Alexis de Tocqueville I have already said enough to put the character of the Anglo-American civilization in its true light. It is the product (and this point of departure ought constantly to be present in one’s thinking) of two perfectly distinct elements that elsewhere have often made war with each other, but which, in America, they have succeeded in incorporating somehow into one another and combining marvelously. I mean to speak of the spirit of religion and the spirit of freedom. p. 43.

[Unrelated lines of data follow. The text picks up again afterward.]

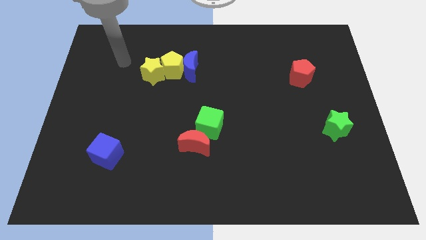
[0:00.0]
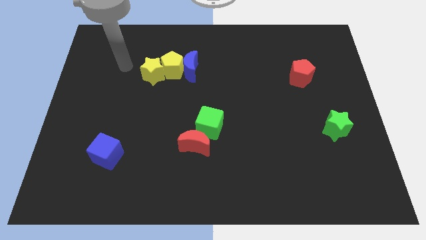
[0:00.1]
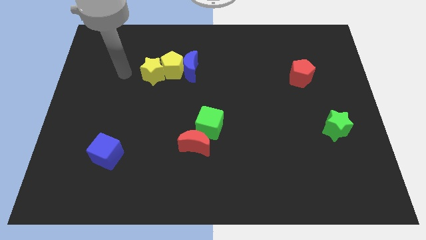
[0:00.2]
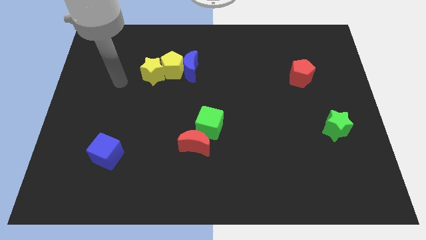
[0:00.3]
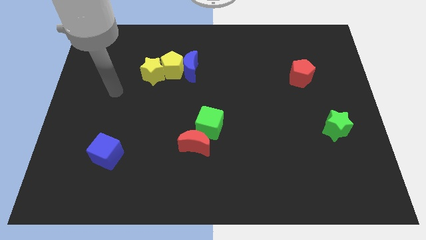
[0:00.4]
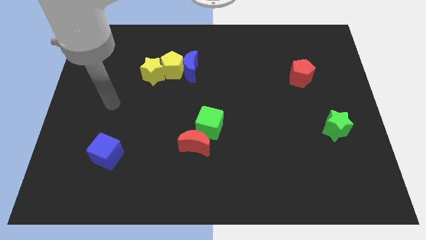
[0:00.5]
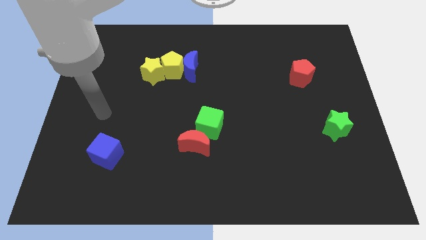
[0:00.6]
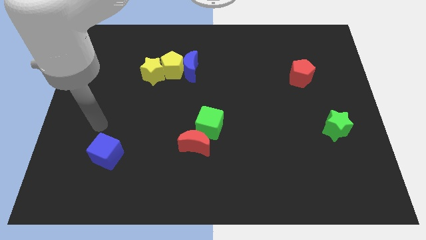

In the Democracy in America, De Tocqueville wishes to explain what it is about the American system that makes it unique in the world of the nineteenth century, and to do this he proposes a “point of departure” differentiating the American system, and those who make it up, from those civilizations which preceded it in history. Unlike their European counterparts, those who came to inhabit and settle the new world were united by common themes and characteristics which made them able to establish a polity unlike any in human history. The most crucial element of this departure seems to me to be found in Tocqueville’s assertion that, “Peoples always feel [the effects of] their origins. The circumstances that accompanied their birth and served to develop them influence the entire course of the rest of their lives.”1 This statement is crucial because it forms the basis for his subsequent discussion of American democracy. The settlers of America were united in many ways, particularly in the unity of language and the effect speaking the same tongue on their internal integrity.2 Assuredly, America is colonized by three unique groups of people, the English, French, and Spanish, yet, unlike their geographic separation in Europe, they were able to form a bond here which in its turn formed the basis for free and sovereign governing. The English, he states, were most successful in this respect, owing to their great family resemblance, but the French and Spanish were successful as well.3

Linked to their bond of language, they all, according to Tocqueville, understood ideas like rights, freedom, and mores better than their European brothers because their own formation had been marked by a rejection of certain absolutist and religious persecutions in Europe.4 Their unity in political struggle is precisely what gives them the “seeds” of democracy. These seeds are able to germinate by removing their physical attachment to their country of birth and, in the new world, they are able to grow. He notes that the emigrants, “had no idea of any superiority whatsoever of some over others. It is hardly the happy and powerful who go into exile, and poverty as well as misfortune are the best guarantees of equality known among men.”5 The idea of exile, I think, is also an important element in the point of departure, for they, all of them, were united by a common bond, even before setting sail for the new world. They may not have understood what they were or where they were going, but they all understood where they had come from, and what they wanted: to start anew.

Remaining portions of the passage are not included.